選び分けの基準 — 3つの問いで判断する

  1. 業務の定型度はどれくらいか — 聞く項目と順序が完全に固定なら シナリオ型の確実性が活きます。問い合わせ内容が多様で「何を聞かれるか分からない」 割合が高いほど、LLM型の適性が上がります。
  2. 想定外の応答をどこまで許容できるか — 一言一句の統制が必要な業務は シナリオ型か、定型部分をシナリオ的に固めたハイブリッドを。一次対応で最終判断を 人が持つ運用なら、LLM型のリスクは実務上コントロールできる範囲に収まります。
  3. チューニングの体制はあるか — シナリオ型は改修のたびにベンダー工数が、 LLM型はナレッジを整備・更新する社内運用が要ります。どちらの手間なら 継続できるかは、意外に本質的な分かれ目です。

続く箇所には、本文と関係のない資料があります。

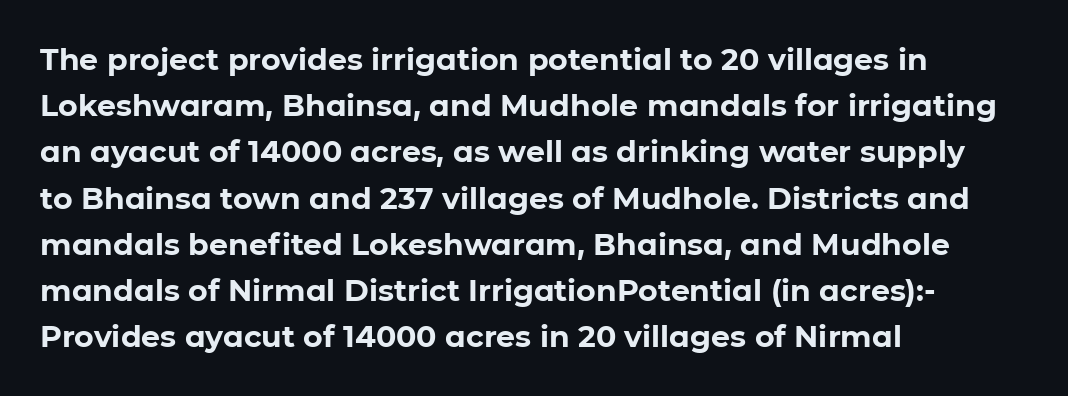
Q: Is the text bold? A: Yes.
Q: Is the text italic (slanted)? A: No, it is upright.
Q: Is the typeface a serif or a sans-serif typeface? A: Sans-serif.
Q: Is the text underlined? A: No.
Q: How is the paragraph aligned? A: Left-aligned.
Q: Is the spacing between letters normal or unusually wide? A: Normal.
Q: Is the spacing between lines tight, normal or loose? A: Normal.
Q: Width (condensed, normal, or wide)? A: Normal.
Q: Stroke contrast? A: Low.
Q: x-height? A: Medium.
Q: Monospaced? A: No.
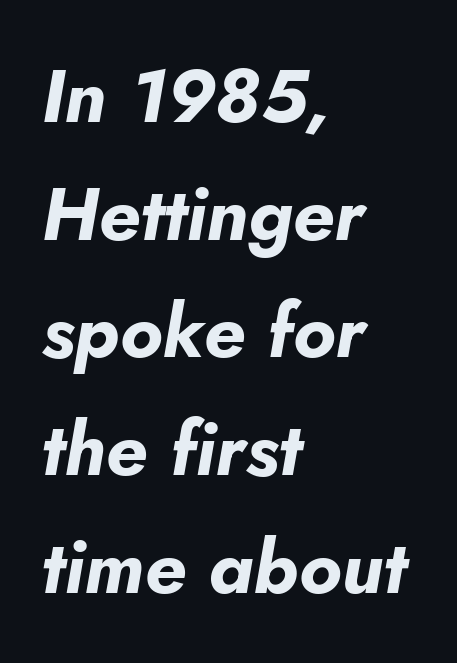
Q: Is the text bold? A: Yes.
Q: Is the text italic (slanted)? A: Yes, it leans right by about 5 degrees.
Q: Is the text underlined? A: No.
Q: How is the paragraph aligned? A: Left-aligned.
Q: Is the spacing between letters normal or unusually wide? A: Normal.
Q: Is the spacing between lines tight, normal or loose? A: Normal.
Q: Width (condensed, normal, or wide)? A: Normal.
Q: Stroke contrast? A: Low.
Q: x-height? A: Small.
Q: Monospaced? A: No.
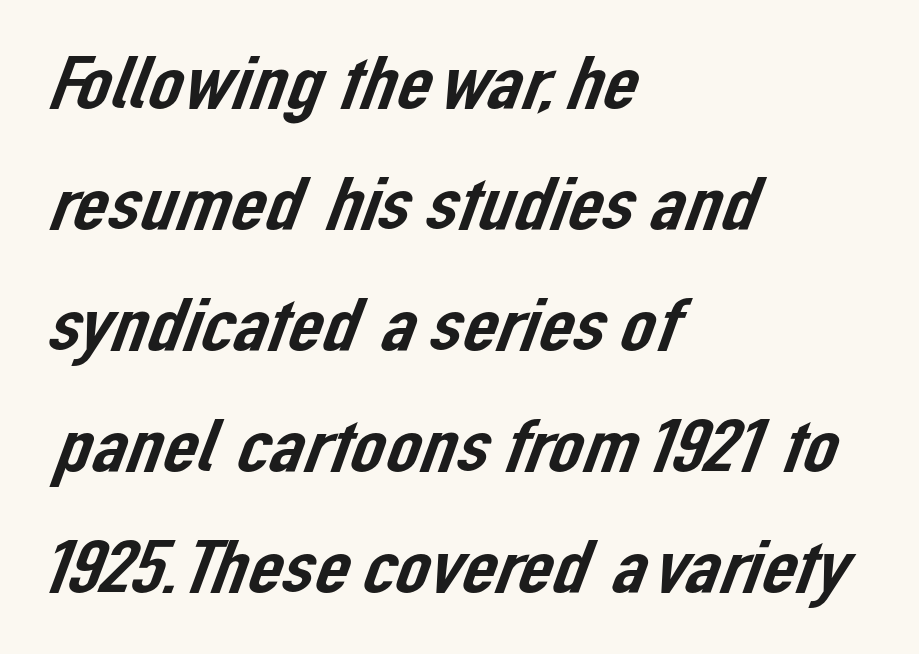
The image shows 77 px sans-serif type; set left-aligned, normal line spacing (1.57x), normal letter spacing, not underlined; low stroke contrast and a medium x-height.
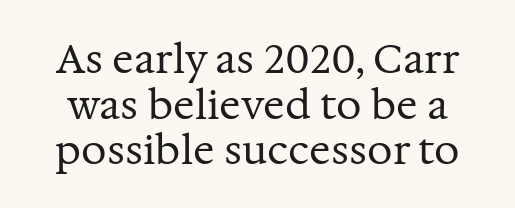
The typeface chosen for these lines features serifs. What's the leading like? Squeezed, with rows nearly overlapping. Honestly, the letter spacing is just normal — you wouldn't notice it. Bold? No — there's no thickening of the strokes.
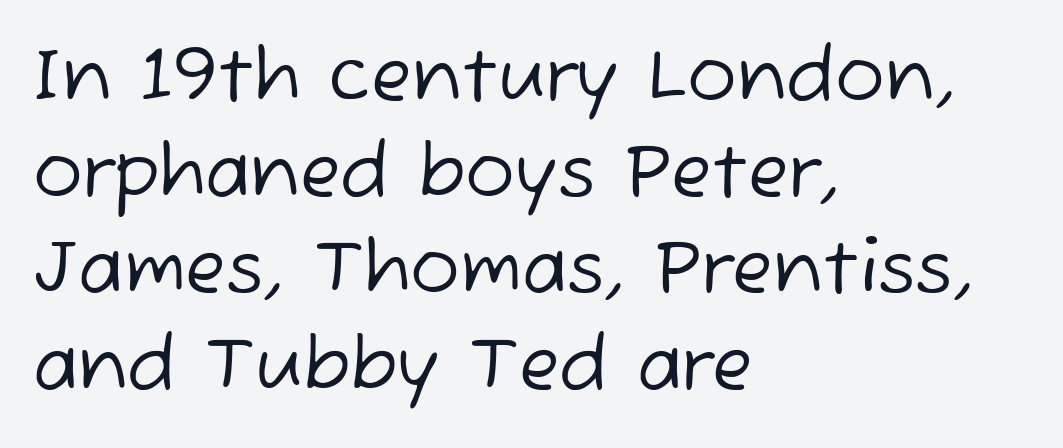
The passage shown is typed in a proportional face where columns would drift. The rendering uses a moderate line-height, typical for paragraphs. Compared with a typical body face, this is equally light or lighter still. A student would call this left alignment; a typographer would say flush left, rag right. The strip under each line holds only bare page. Nope, no serifs anywhere on these letters.

なお、どちらの方式でも電話特有の応答速度・聞き取り品質の課題は共通に残ります。 この裏側はAI電話システムの裏側 — レイテンシとの戦いで解説しています。具体的なサービスの選定に進む場合はAI電話対応サービス比較料金プランもあわせてご覧ください。

まとめ

シナリオ型は「予測可能だが発話の多様性に弱い」、LLM自律思考型は「柔軟だが ガードレール設計が要る」——両者は優劣ではなくトレードオフの関係です。 業務の定型度・リスク許容度・運用体制の3点で選び分け、必要なら定型部分だけを シナリオ的に固めるハイブリッドを検討する。これが2026年時点の実務的な結論です。